--- RECORDS TO PROCESS ---
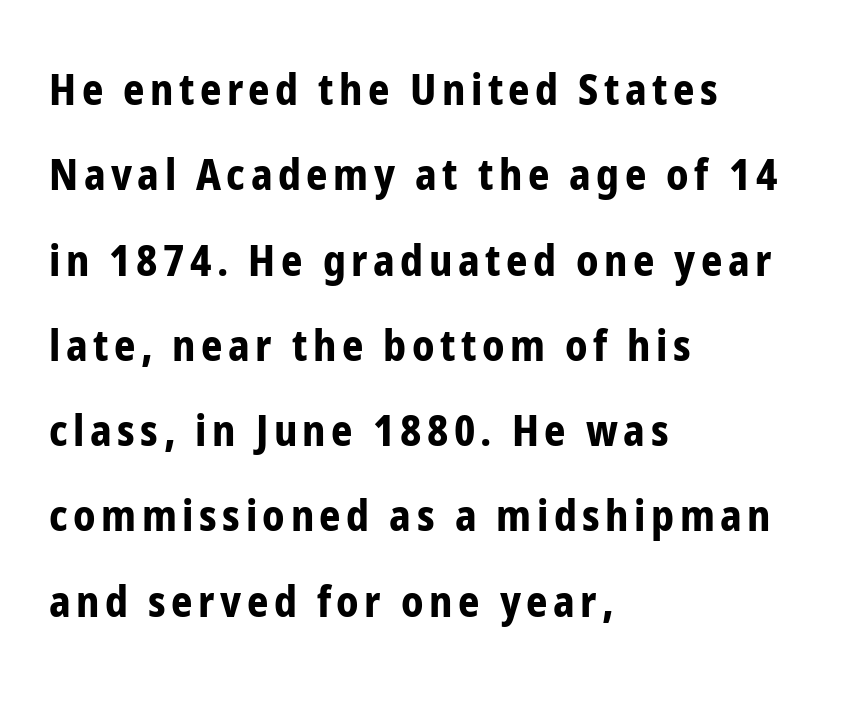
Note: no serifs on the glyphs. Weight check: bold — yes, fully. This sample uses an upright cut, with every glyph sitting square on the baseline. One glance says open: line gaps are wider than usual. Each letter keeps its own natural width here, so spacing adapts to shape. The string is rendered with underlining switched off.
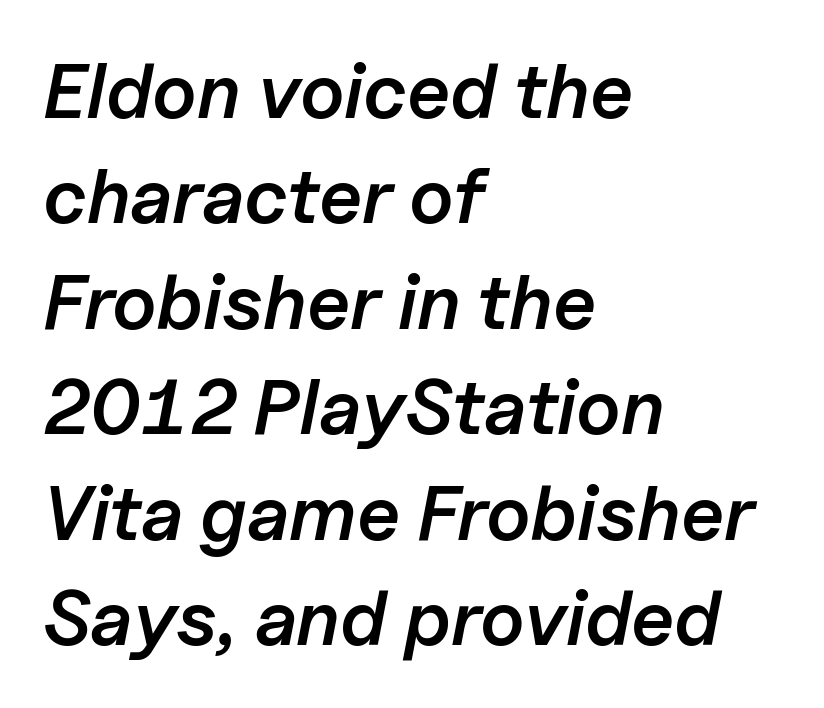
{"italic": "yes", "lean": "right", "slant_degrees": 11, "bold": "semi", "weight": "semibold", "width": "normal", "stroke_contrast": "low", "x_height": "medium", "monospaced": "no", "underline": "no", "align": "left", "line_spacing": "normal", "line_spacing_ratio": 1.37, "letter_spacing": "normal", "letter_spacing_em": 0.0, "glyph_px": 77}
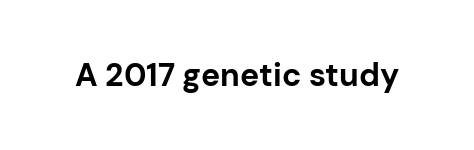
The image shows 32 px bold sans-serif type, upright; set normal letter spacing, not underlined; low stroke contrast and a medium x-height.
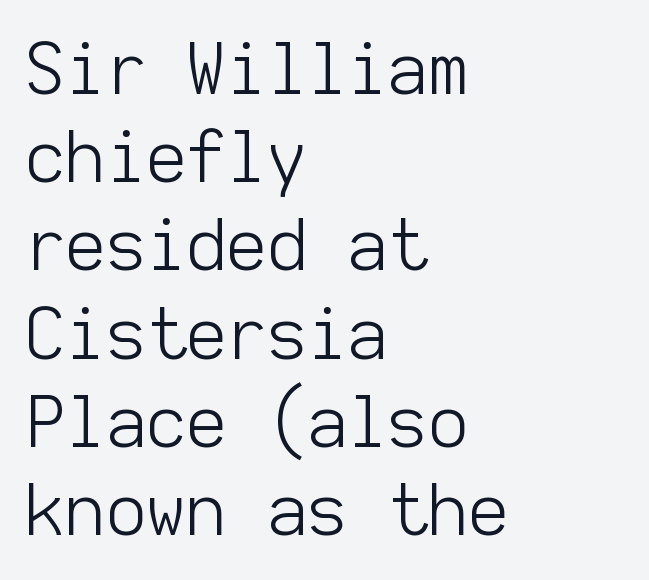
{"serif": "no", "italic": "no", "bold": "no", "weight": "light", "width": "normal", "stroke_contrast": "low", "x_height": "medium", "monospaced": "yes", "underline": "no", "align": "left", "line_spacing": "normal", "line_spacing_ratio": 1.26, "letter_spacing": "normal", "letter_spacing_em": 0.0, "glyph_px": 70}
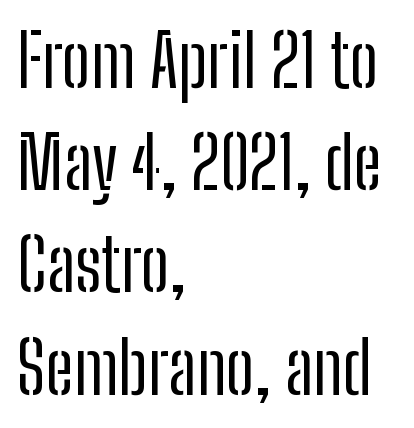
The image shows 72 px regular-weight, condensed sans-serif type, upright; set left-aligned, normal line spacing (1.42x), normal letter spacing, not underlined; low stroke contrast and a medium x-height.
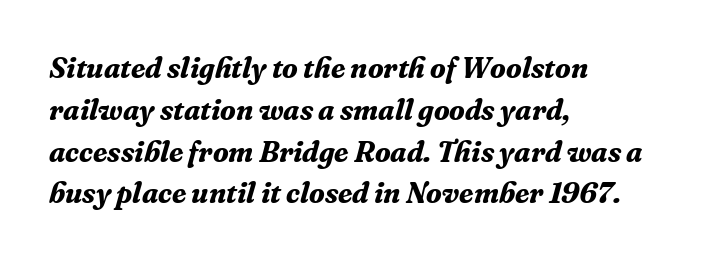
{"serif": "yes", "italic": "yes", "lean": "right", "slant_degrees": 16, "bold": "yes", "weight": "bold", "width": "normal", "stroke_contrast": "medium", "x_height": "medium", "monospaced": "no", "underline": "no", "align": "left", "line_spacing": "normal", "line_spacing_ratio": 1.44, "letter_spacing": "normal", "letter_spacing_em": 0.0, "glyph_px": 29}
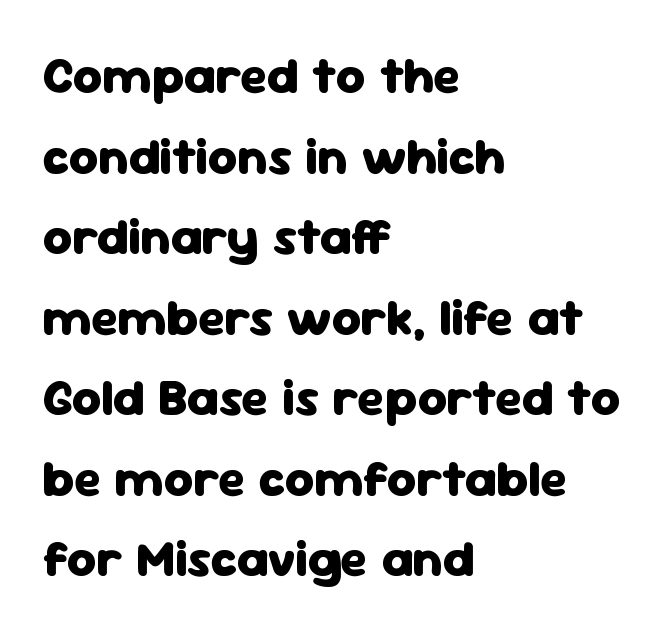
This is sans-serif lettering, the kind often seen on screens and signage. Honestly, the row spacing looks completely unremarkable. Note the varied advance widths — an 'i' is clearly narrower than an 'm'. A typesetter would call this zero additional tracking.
---
◆ **TASK DIRECTIONS**: Write out all the records exactly, omitting the images.

◆ **THE COMPLETED TASK**:
Note: no serifs on the glyphs. Weight check: bold — yes, fully. This sample uses an upright cut, with every glyph sitting square on the baseline. One glance says open: line gaps are wider than usual. Each letter keeps its own natural width here, so spacing adapts to shape. The string is rendered with underlining switched off.
{"italic": "yes", "lean": "right", "slant_degrees": 11, "bold": "semi", "weight": "semibold", "width": "normal", "stroke_contrast": "low", "x_height": "medium", "monospaced": "no", "underline": "no", "align": "left", "line_spacing": "normal", "line_spacing_ratio": 1.37, "letter_spacing": "normal", "letter_spacing_em": 0.0, "glyph_px": 77}
The image shows 32 px bold sans-serif type, upright; set normal letter spacing, not underlined; low stroke contrast and a medium x-height.
{"serif": "no", "italic": "no", "bold": "no", "weight": "light", "width": "normal", "stroke_contrast": "low", "x_height": "medium", "monospaced": "yes", "underline": "no", "align": "left", "line_spacing": "normal", "line_spacing_ratio": 1.26, "letter_spacing": "normal", "letter_spacing_em": 0.0, "glyph_px": 70}
The image shows 72 px regular-weight, condensed sans-serif type, upright; set left-aligned, normal line spacing (1.42x), normal letter spacing, not underlined; low stroke contrast and a medium x-height.
{"serif": "yes", "italic": "yes", "lean": "right", "slant_degrees": 16, "bold": "yes", "weight": "bold", "width": "normal", "stroke_contrast": "medium", "x_height": "medium", "monospaced": "no", "underline": "no", "align": "left", "line_spacing": "normal", "line_spacing_ratio": 1.44, "letter_spacing": "normal", "letter_spacing_em": 0.0, "glyph_px": 29}
This is sans-serif lettering, the kind often seen on screens and signage. Honestly, the row spacing looks completely unremarkable. Note the varied advance widths — an 'i' is clearly narrower than an 'm'. A typesetter would call this zero additional tracking.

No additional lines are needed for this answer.